Dorianna thinks he’s joking. She has no idea of how dire the consequences might be.


Featured Review
This novel has two major points for its readers, to be careful what you wish for and every action has a consequence. Dorianna had to learn this the hard way as she wished to go from a nobody to center stage.
Changing schools she hired things would be different and were after she meets a boy named Wilson. Dorianna knows there is something off about him but dismisses it when she strikes a deal to get what she's always wanted. The problem? She begins losing herself to become the very person she's always wanted to be; the popular girl with the boyfriend. Is it too late for her to save herself and everyone she cares for?

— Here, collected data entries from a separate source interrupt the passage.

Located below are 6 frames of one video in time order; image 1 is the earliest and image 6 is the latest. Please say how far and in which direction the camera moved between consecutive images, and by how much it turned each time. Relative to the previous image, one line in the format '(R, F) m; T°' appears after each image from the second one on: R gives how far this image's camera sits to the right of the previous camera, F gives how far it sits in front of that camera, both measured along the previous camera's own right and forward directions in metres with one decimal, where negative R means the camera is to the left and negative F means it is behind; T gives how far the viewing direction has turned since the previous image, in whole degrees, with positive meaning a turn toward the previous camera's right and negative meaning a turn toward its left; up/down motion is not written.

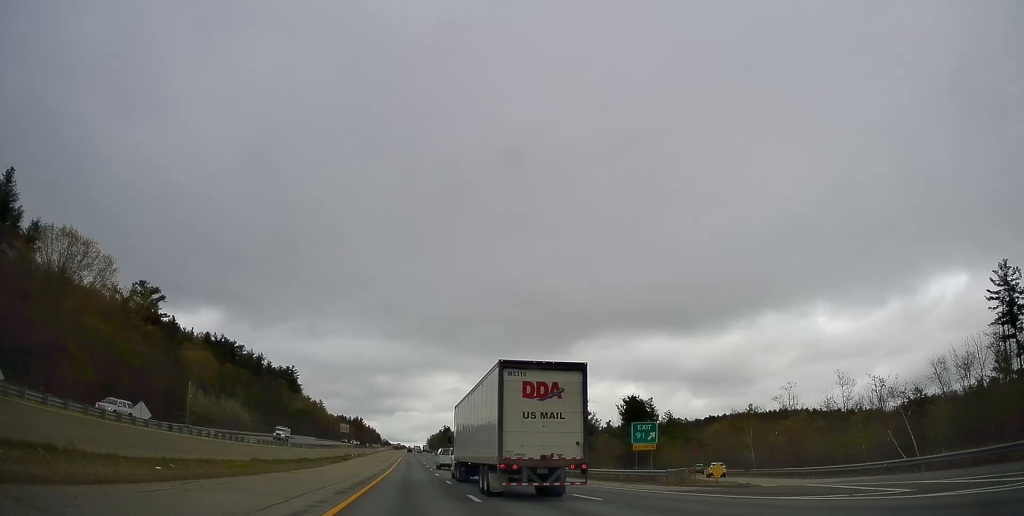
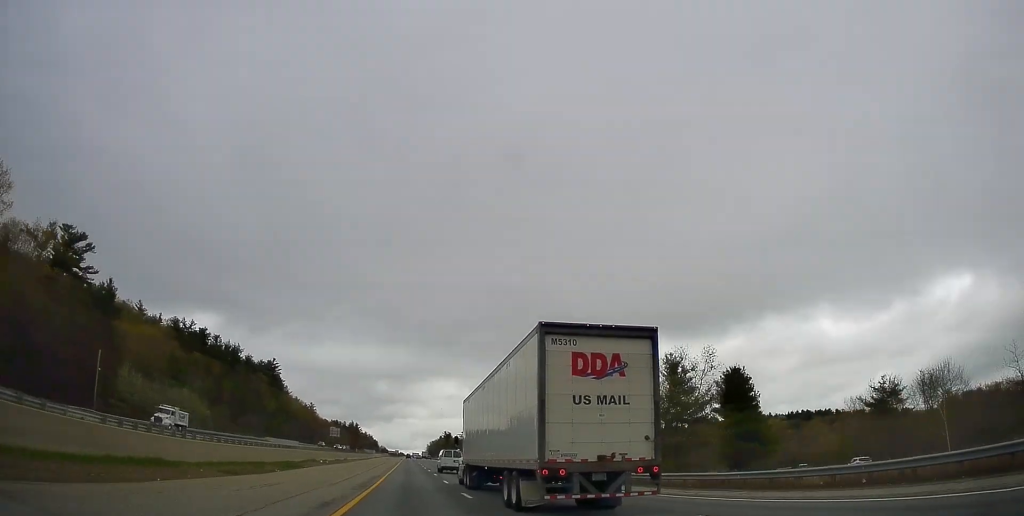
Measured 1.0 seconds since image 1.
(+0.2, +33.6) m; +1°
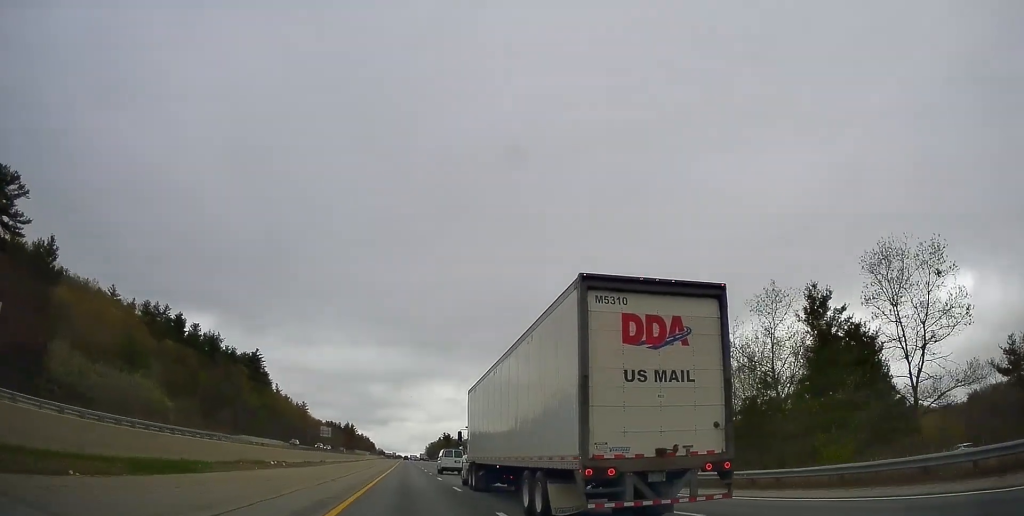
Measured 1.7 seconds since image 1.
(+0.2, +21.9) m; 0°
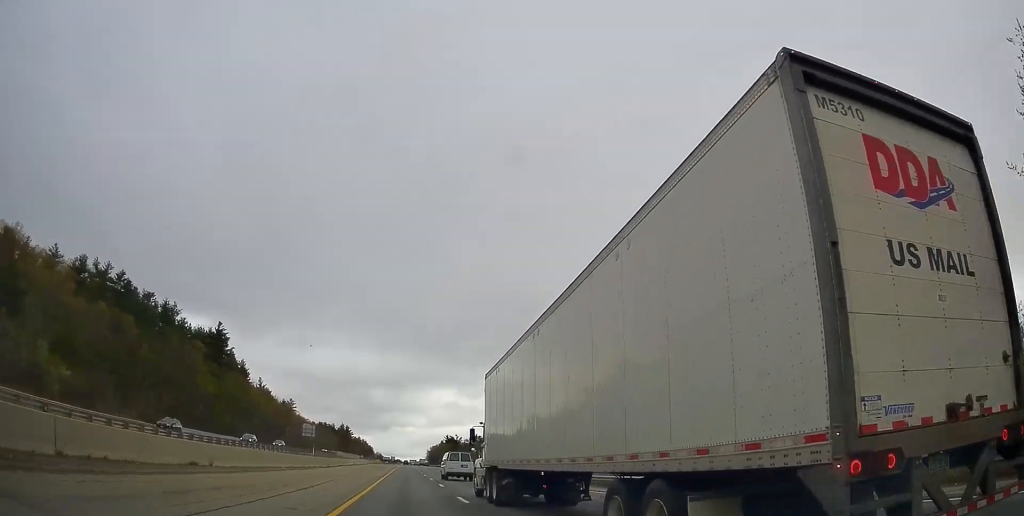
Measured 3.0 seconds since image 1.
(-0.1, +40.8) m; 0°
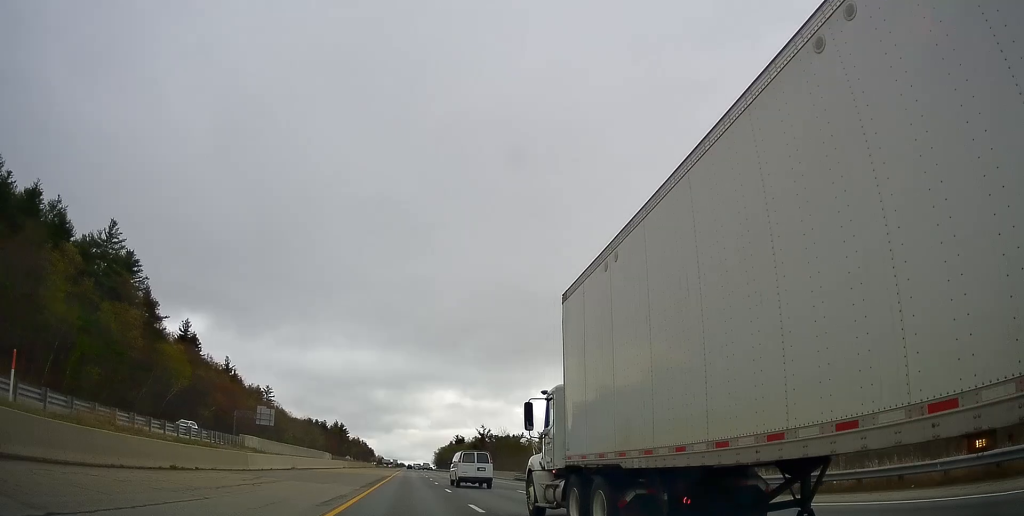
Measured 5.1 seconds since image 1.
(+0.4, +65.4) m; 0°
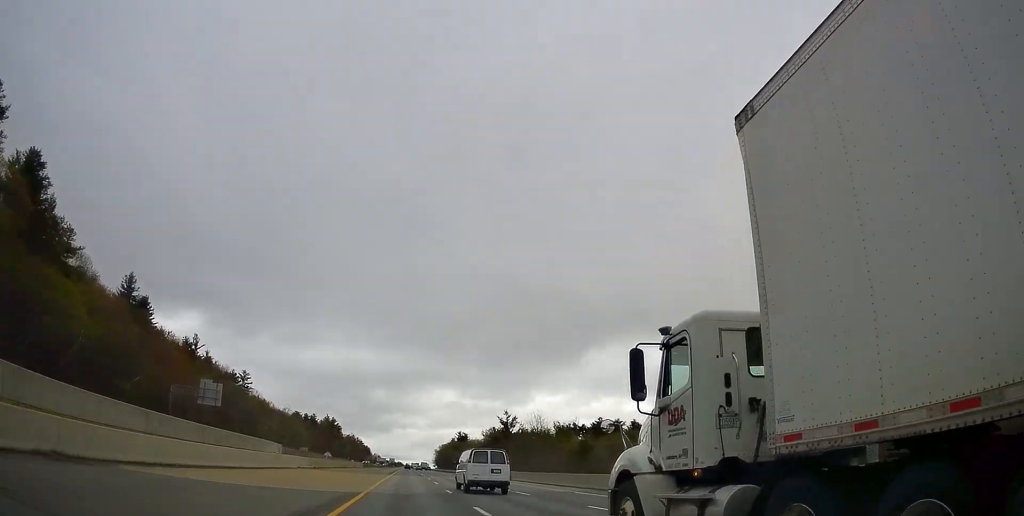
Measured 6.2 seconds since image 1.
(-0.1, +36.8) m; 0°

This book was well written, it kept me engaged and wondering where it was going to lead. I loved the inner message of this book. It's not often book these days have hidden messages for readers to think about and really dwell on. This book is for Young Adults.


Guest Post by the Author
Twists on Classics, with a focus on Dorian Gray
I’m no expert on twists on classic novels. Dorianna was my first time writing an homage to a classic. However, I’ve read my share. Robin McKinley’s Beauty
is a retelling of "Beauty and the Beast", Meyer’s Cinder is a futuristic retelling of "Cinderella", Bray’s Going Bovine is a retelling of Don Quixote. Some of these retellings are wonderful and others fall short. So far, the wackiest twist I’ve read on a classic was Wye’s Ice Red, a sci-fi romance space odyssey twist on "Snow White".
What I can say, is that I’ve learned a lot from writing Dorianna, about what makes a retelling sing … or not. The author must have an organic relationship to the themes - a real emotional attachment. It cannot be simply a gimmick to sell books. Here is my personal story of how I got so very devoted to the Faust myths, from which Dorian Gray was devised, and much later, my own Dorianna.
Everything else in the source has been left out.